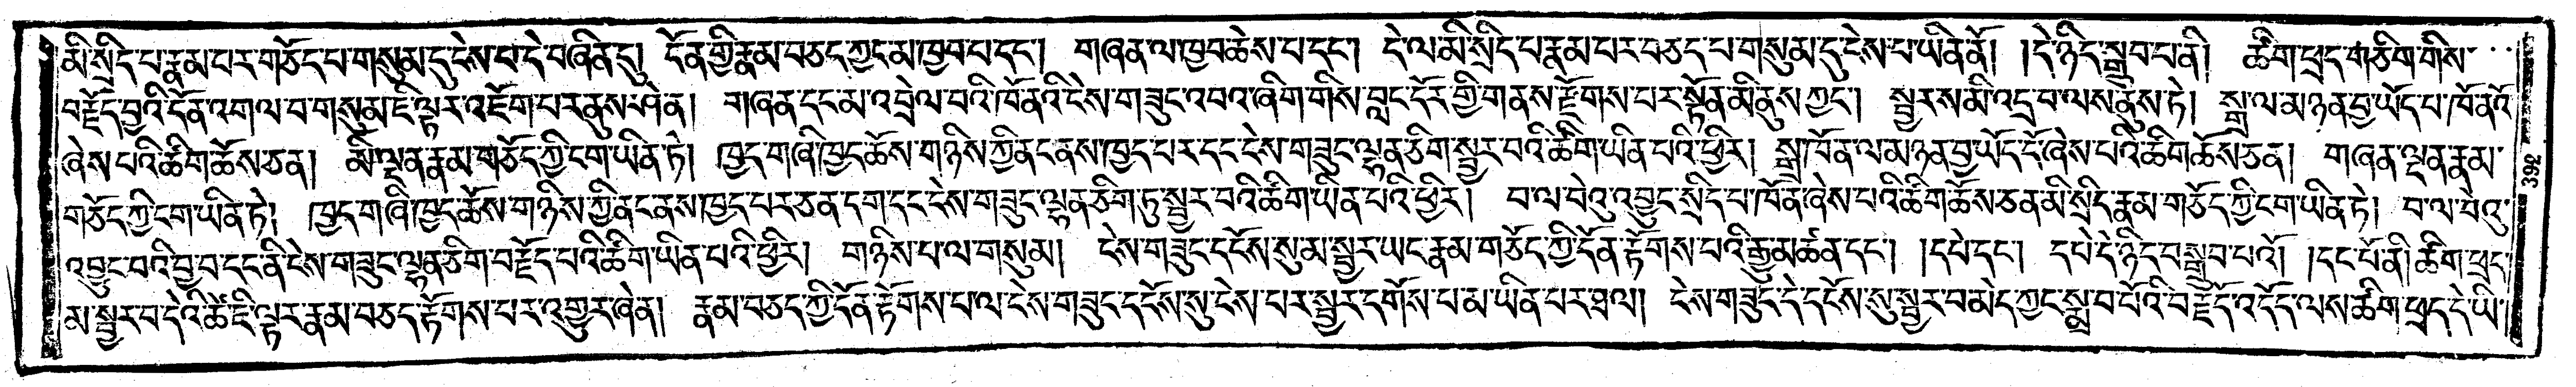མི་སྲིད་པ་རྣམ་པར་གཅོད་པ་གསུམ་དུ་ངེས་པ་དེ་བཞིན་དུ། དོན་གྱི་རྣམ་བཅད་ཀྱང་མ་ཁྱབ་བ་དང་། གཞན་ལ་ཁྱབ་ཆེས་པ་དང་། དེ་ལ་མི་སྲིད་པ་རྣམ་པར་བཅད་པ་གསུམ་དུ་ངེས་པ་ཡིན་ནོ། །དེ་ཉིད་སྒྲུབ་བ་ནི། ཚིག་ཕྲད་གཅིག་གིས་
བརྗོད་བྱའི་དོན་འགལ་བ་གསུམ་ཇི་ལྟར་འཇོག་པར་ནུས་ཤེ་ན། གཞན་དང་མ་འབྲེལ་བའི་ཁོ་ནའི་ངེས་གཟུང་འབའ་ཞིག་གིས་བླང་དོར་གྱི་གནས་རྫོགས་བར་སྟོན་མི་ནུས་ཀྱང་། སྦྱར་ས་མི་འདྲ་བ་ལས་ནུས་ཏེ། སྒྲ་ལ་མཉན་བྱ་ཡོད་པ་ཁོ་ནའོ་
ཞེས་པའི་ཚིག་ཆོས་ཅན། མི་ལྡན་རྣམ་གཅོད་ཀྱི་ངག་ཡིན་ཏེ། ཁྱད་གཞི་ཁྱད་ཆོས་གཉིས་ཀྱི་ནང་ནས་ཁྱད་པར་དང་ངེས་གཟུང་ལྷན་ཅིག་སྦྱར་བའི་ཚིག་ཡིན་པའི་ཕྱིར། སྒྲ་ཁོ་ན་ལ་མཉན་བྱ་ཡོད་དོ་ཞེས་པའི་ཚིག་ཆོས་ཅན། གཞན་ལྡན་རྣམ་
གཅོད་ཀྱི་ངག་ཡིན་ཏེ། ཁྱད་གཞི་ཁྱད་ཆོས་གཉིས་ཀྱི་ནང་ནས་ཁྱད་པར་ཅན་དག་དང་ངེས་གཟུང་ལྷན་ཅིག་ཏུ་སྦྱར་བའི་ཚིག་ཡིན་པའི་ཕྱིར། བ་ལ་བེའུ་འབྱུང་སྲིད་པ་ཁོ་ན་ཞེས་པའི་ཚིག་ཆོས་ཅན་མི་སྲིད་རྣམ་གཅོད་ཀྱི་ངག་ཡིན་ཏེ། བ་ལ་བེའུ་
འབྱུང་བའི་བྱ་བ་དང་ནི་ངེས་གཟུང་ལྷན་ཅིག་བརྗོད་པའི་ཚིག་ཡིན་པའི་ཕྱིར། གཉིས་པ་ལ་གསུམ། ངེས་གཟུང་དངོས་སུ་མ་སྦྱར་ཡང་རྣམ་གཅོད་ཀྱི་དོན་རྟོགས་པའི་རྒྱུ་མཚན་དང་། །དཔེ་དང་། དཔེ་དེ་ཉིད་བསྒྲུབ་པའོ། །དང་པོ་ནི། ཚིག་ཕྲད་
མ་སྦྱར་བ་དེའི་ཚེ་ཇི་ལྟར་རྣམ་བཅད་རྟོགས་པར་འགྱུར་ཞེ་ན། རྣམ་བཅད་ཀྱི་དོན་རྟོགས་པ་ལ་ངེས་གཟུང་དངོས་སུ་ངེས་པར་སྦྱར་དགོས་པ་མ་ཡིན་པར་ཐལ། ངེས་གཟུང་དེ་དངོས་སུ་སྦྱར་བ་མེད་ཀྱང་སྨྲ་བ་པོའི་བརྗོད་འདོད་ལས་ཚིག་ཕྲད་དེ་ཡི་
◆ ◆ ◆ ◆ ◆
▸ Exercise directions
Output an exact copy of the material, with the pictures removed.

▸ Exercise solution
མི་སྲིད་པ་རྣམ་པར་གཅོད་པ་གསུམ་དུ་ངེས་པ་དེ་བཞིན་དུ། དོན་གྱི་རྣམ་བཅད་ཀྱང་མ་ཁྱབ་བ་དང་། གཞན་ལ་ཁྱབ་ཆེས་པ་དང་། དེ་ལ་མི་སྲིད་པ་རྣམ་པར་བཅད་པ་གསུམ་དུ་ངེས་པ་ཡིན་ནོ། །དེ་ཉིད་སྒྲུབ་བ་ནི། ཚིག་ཕྲད་གཅིག་གིས་
བརྗོད་བྱའི་དོན་འགལ་བ་གསུམ་ཇི་ལྟར་འཇོག་པར་ནུས་ཤེ་ན། གཞན་དང་མ་འབྲེལ་བའི་ཁོ་ནའི་ངེས་གཟུང་འབའ་ཞིག་གིས་བླང་དོར་གྱི་གནས་རྫོགས་བར་སྟོན་མི་ནུས་ཀྱང་། སྦྱར་ས་མི་འདྲ་བ་ལས་ནུས་ཏེ། སྒྲ་ལ་མཉན་བྱ་ཡོད་པ་ཁོ་ནའོ་
ཞེས་པའི་ཚིག་ཆོས་ཅན། མི་ལྡན་རྣམ་གཅོད་ཀྱི་ངག་ཡིན་ཏེ། ཁྱད་གཞི་ཁྱད་ཆོས་གཉིས་ཀྱི་ནང་ནས་ཁྱད་པར་དང་ངེས་གཟུང་ལྷན་ཅིག་སྦྱར་བའི་ཚིག་ཡིན་པའི་ཕྱིར། སྒྲ་ཁོ་ན་ལ་མཉན་བྱ་ཡོད་དོ་ཞེས་པའི་ཚིག་ཆོས་ཅན། གཞན་ལྡན་རྣམ་
གཅོད་ཀྱི་ངག་ཡིན་ཏེ། ཁྱད་གཞི་ཁྱད་ཆོས་གཉིས་ཀྱི་ནང་ནས་ཁྱད་པར་ཅན་དག་དང་ངེས་གཟུང་ལྷན་ཅིག་ཏུ་སྦྱར་བའི་ཚིག་ཡིན་པའི་ཕྱིར། བ་ལ་བེའུ་འབྱུང་སྲིད་པ་ཁོ་ན་ཞེས་པའི་ཚིག་ཆོས་ཅན་མི་སྲིད་རྣམ་གཅོད་ཀྱི་ངག་ཡིན་ཏེ། བ་ལ་བེའུ་
འབྱུང་བའི་བྱ་བ་དང་ནི་ངེས་གཟུང་ལྷན་ཅིག་བརྗོད་པའི་ཚིག་ཡིན་པའི་ཕྱིར། གཉིས་པ་ལ་གསུམ། ངེས་གཟུང་དངོས་སུ་མ་སྦྱར་ཡང་རྣམ་གཅོད་ཀྱི་དོན་རྟོགས་པའི་རྒྱུ་མཚན་དང་། །དཔེ་དང་། དཔེ་དེ་ཉིད་བསྒྲུབ་པའོ། །དང་པོ་ནི། ཚིག་ཕྲད་
མ་སྦྱར་བ་དེའི་ཚེ་ཇི་ལྟར་རྣམ་བཅད་རྟོགས་པར་འགྱུར་ཞེ་ན། རྣམ་བཅད་ཀྱི་དོན་རྟོགས་པ་ལ་ངེས་གཟུང་དངོས་སུ་ངེས་པར་སྦྱར་དགོས་པ་མ་ཡིན་པར་ཐལ། ངེས་གཟུང་དེ་དངོས་སུ་སྦྱར་བ་མེད་ཀྱང་སྨྲ་བ་པོའི་བརྗོད་འདོད་ལས་ཚིག་ཕྲད་དེ་ཡི་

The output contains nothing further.